* [Aim of the exercise]
Copy the records below in full, keeping each word as it is but omitting the pictures.

[Data excerpts]

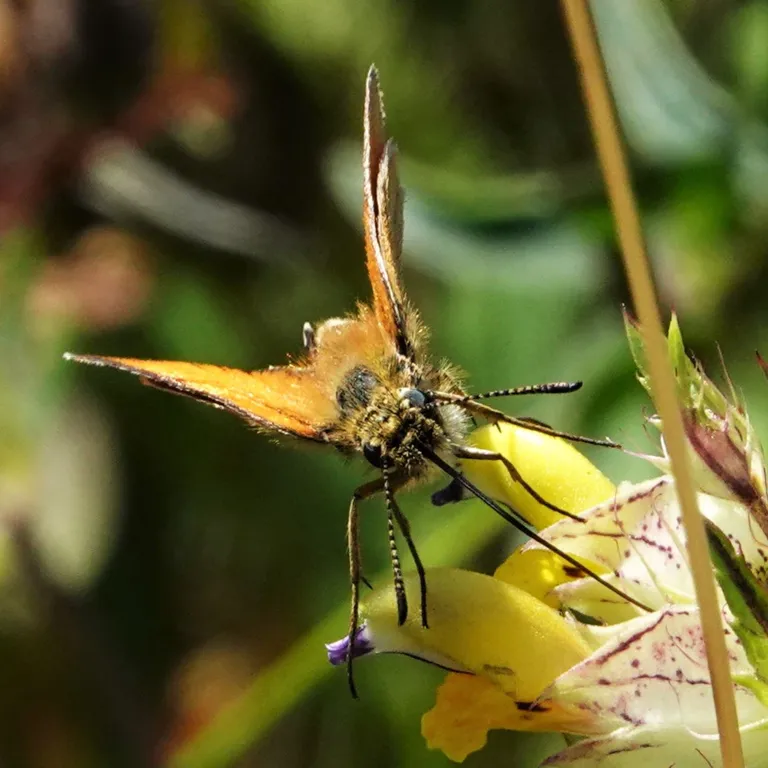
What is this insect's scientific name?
Thymelicus lineola
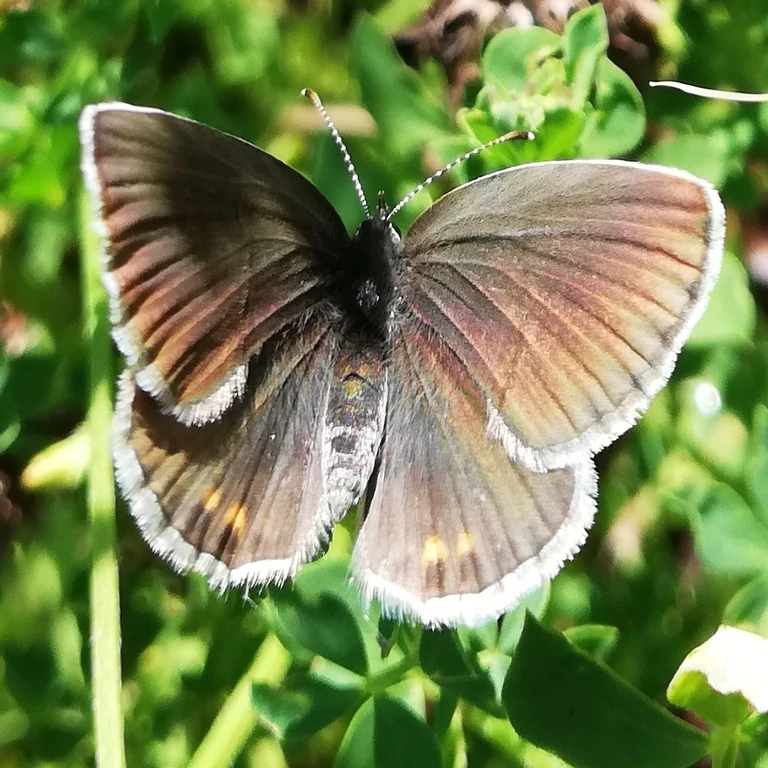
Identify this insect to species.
Cupido argiades (also Elkalyce argiades)
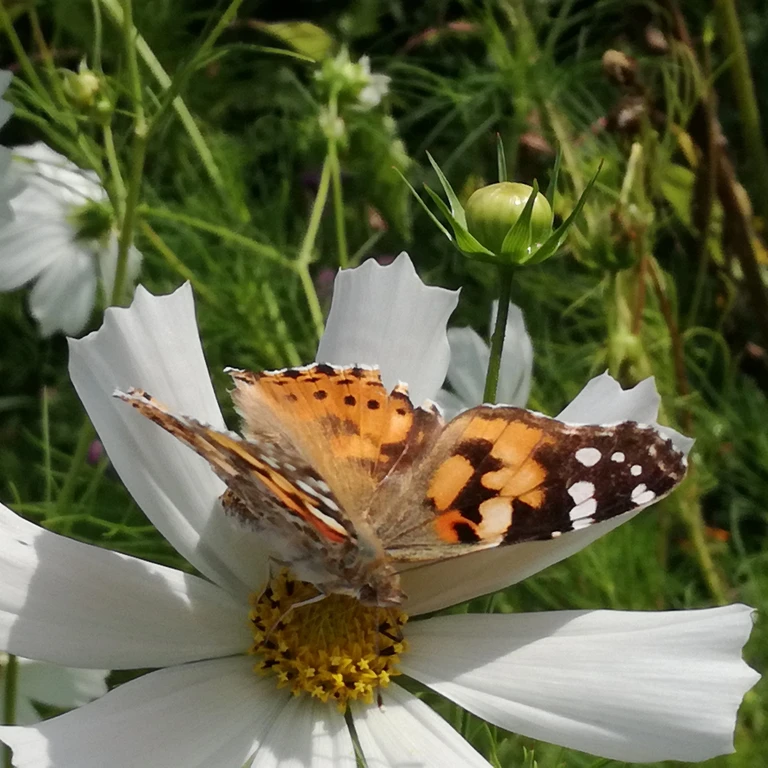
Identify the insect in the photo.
Vanessa cardui
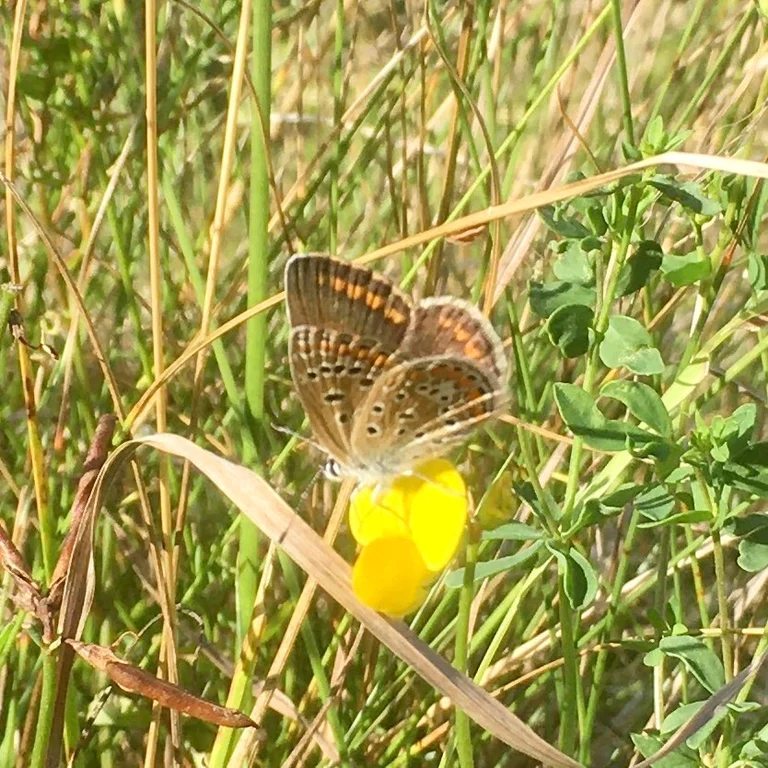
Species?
Polyommatus icarus

* [Solved exercise]
What is this insect's scientific name?
Thymelicus lineola
Identify this insect to species.
Cupido argiades (also Elkalyce argiades)
Identify the insect in the photo.
Vanessa cardui
Species?
Polyommatus icarus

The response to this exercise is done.